[TASK REQUIREMENTS]: Repeat exactly the lines of the records below, starting at the line containing "City: edmonton" and ending at the line containing "An aerial image. It shows: Residential". Leave the pictures out.

DATA FOR THIS TASK START

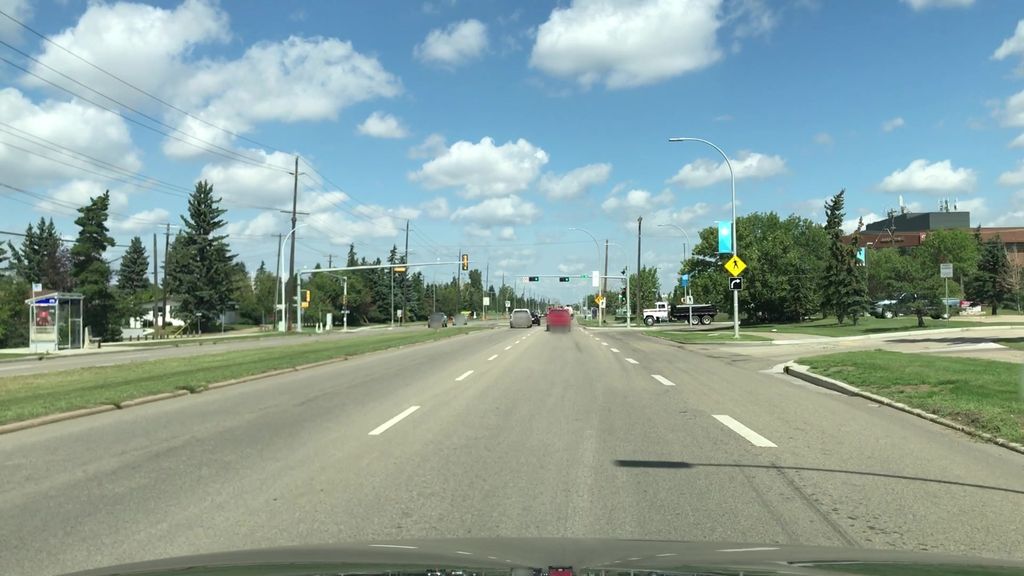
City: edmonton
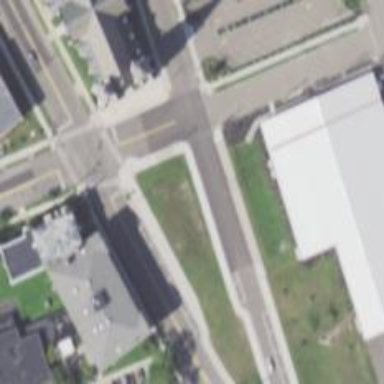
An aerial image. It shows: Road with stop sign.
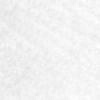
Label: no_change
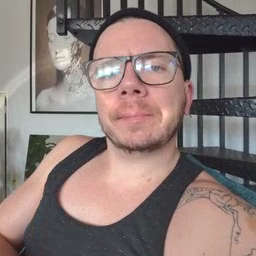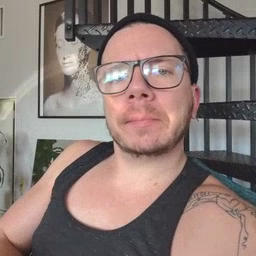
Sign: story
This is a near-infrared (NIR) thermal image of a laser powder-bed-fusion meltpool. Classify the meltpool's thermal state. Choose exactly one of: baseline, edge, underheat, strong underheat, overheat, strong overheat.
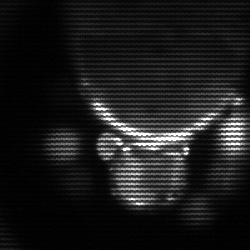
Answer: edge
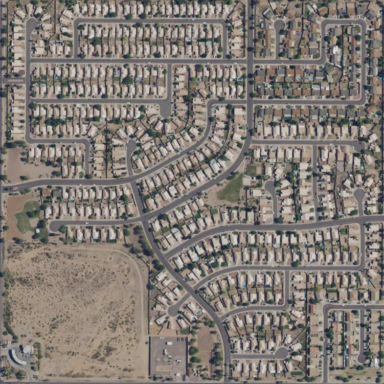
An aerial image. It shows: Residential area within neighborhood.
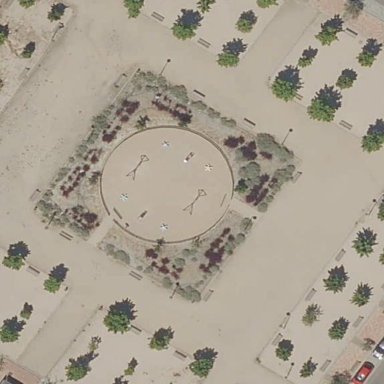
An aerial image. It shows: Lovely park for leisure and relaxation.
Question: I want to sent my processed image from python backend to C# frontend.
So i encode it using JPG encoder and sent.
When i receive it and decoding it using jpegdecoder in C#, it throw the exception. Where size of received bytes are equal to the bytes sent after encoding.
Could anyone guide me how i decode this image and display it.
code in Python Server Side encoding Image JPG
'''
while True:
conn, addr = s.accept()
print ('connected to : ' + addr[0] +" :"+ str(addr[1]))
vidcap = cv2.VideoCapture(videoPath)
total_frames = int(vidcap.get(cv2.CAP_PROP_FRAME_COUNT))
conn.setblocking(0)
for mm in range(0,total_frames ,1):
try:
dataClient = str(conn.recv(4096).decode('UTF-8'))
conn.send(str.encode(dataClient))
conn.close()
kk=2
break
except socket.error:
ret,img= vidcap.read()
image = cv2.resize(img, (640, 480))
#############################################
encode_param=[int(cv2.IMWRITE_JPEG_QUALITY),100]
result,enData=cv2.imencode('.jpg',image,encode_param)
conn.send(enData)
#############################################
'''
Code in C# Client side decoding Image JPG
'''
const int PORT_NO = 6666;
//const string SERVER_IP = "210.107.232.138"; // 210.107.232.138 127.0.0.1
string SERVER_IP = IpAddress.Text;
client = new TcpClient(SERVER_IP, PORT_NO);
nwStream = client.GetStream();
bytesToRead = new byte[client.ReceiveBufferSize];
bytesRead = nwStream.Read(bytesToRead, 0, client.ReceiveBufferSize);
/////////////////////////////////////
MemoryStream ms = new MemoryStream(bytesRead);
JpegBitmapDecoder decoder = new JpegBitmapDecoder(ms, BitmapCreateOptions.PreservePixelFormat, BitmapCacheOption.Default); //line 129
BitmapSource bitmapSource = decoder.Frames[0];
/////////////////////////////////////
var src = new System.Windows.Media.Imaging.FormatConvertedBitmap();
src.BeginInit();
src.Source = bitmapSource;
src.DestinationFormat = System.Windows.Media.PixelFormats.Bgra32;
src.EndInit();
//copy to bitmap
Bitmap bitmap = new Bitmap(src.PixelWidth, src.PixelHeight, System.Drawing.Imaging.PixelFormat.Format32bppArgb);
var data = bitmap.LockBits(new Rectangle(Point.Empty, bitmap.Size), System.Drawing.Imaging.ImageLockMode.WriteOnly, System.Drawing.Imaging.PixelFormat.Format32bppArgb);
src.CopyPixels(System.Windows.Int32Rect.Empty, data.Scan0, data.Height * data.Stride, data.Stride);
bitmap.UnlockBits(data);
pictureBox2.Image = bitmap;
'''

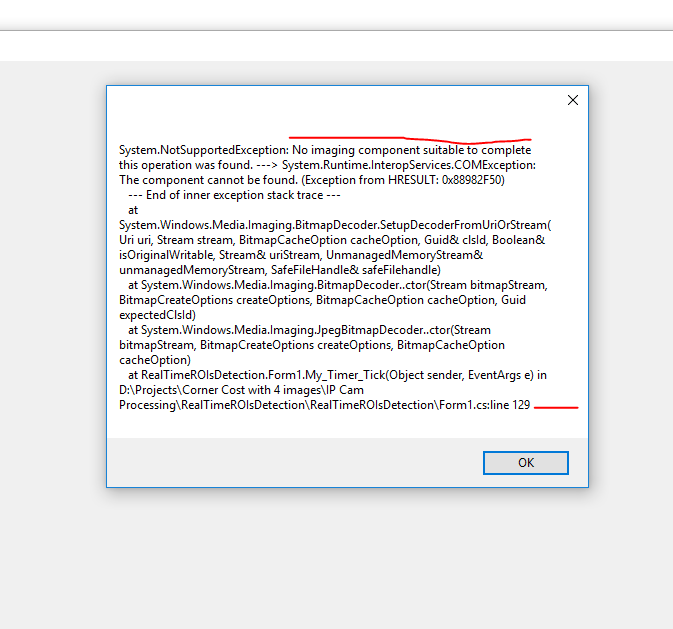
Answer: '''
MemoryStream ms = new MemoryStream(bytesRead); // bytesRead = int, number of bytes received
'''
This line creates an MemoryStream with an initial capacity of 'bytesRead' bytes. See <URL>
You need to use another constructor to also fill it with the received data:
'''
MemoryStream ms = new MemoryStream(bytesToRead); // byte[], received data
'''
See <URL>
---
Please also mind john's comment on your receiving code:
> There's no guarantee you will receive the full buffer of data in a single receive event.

DATA FOR THIS TASK END
DATA FOR THIS TASK START

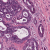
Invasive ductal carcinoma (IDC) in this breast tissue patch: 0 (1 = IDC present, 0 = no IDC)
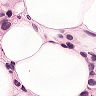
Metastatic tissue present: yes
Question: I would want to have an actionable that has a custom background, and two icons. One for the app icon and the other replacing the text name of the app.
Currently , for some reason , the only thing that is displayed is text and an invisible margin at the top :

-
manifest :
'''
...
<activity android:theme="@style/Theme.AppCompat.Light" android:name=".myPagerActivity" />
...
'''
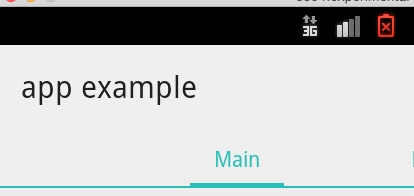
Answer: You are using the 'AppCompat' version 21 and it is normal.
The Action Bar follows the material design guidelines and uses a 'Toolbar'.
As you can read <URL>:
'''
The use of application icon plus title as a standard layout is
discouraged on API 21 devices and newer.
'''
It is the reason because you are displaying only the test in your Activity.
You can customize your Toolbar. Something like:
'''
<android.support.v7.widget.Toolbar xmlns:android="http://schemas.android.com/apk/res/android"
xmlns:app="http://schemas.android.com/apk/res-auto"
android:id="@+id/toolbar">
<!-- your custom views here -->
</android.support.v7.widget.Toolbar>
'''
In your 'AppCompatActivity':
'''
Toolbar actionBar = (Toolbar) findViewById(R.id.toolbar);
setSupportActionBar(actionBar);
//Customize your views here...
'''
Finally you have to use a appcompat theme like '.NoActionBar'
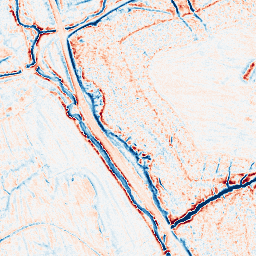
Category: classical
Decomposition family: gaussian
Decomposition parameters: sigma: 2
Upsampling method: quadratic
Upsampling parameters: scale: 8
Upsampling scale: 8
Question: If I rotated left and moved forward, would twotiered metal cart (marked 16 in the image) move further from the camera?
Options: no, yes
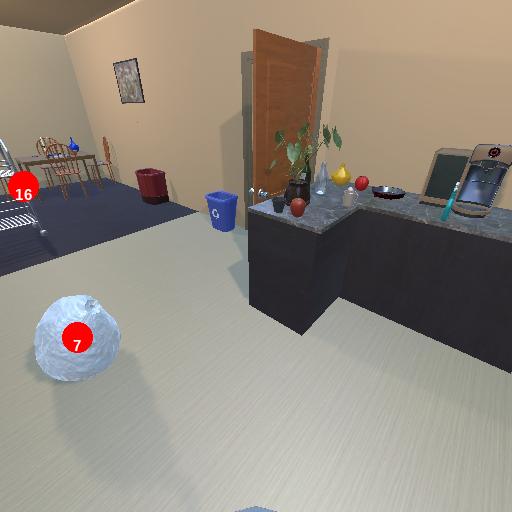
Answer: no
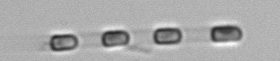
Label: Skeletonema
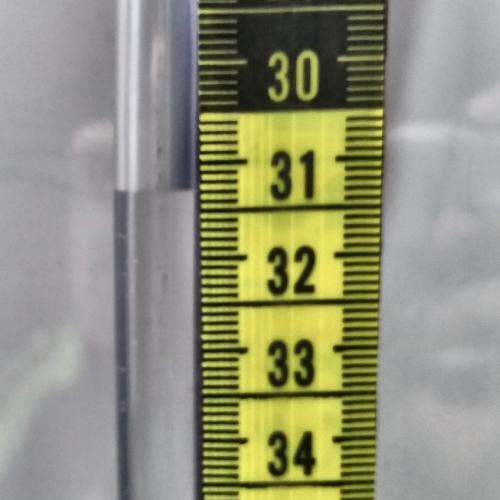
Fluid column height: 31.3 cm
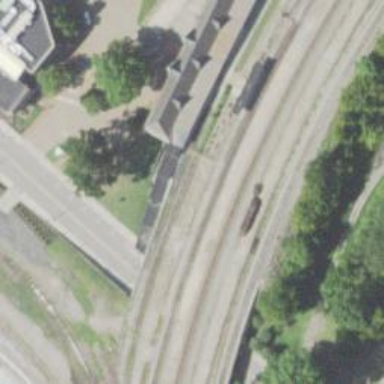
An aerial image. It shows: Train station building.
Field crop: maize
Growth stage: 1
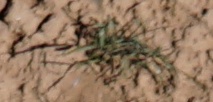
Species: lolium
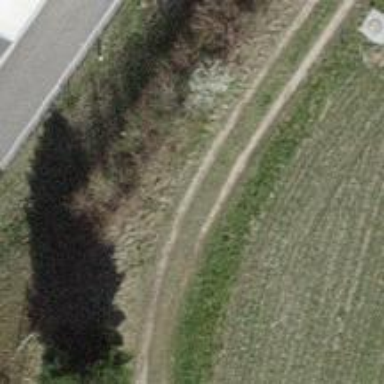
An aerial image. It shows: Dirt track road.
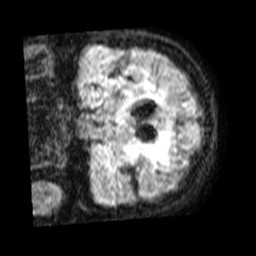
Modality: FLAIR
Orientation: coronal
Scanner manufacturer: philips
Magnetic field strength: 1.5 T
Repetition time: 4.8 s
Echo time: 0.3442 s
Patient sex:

DATA FOR THIS TASK END

[SOLUTION]:
City: edmonton
An aerial image. It shows: Road with stop sign.
Label: no_change
Sign: story
This is a near-infrared (NIR) thermal image of a laser powder-bed-fusion meltpool. Classify the meltpool's thermal state. Choose exactly one of: baseline, edge, underheat, strong underheat, overheat, strong overheat.
Answer: edge
An aerial image. It shows: Residential area within neighborhood.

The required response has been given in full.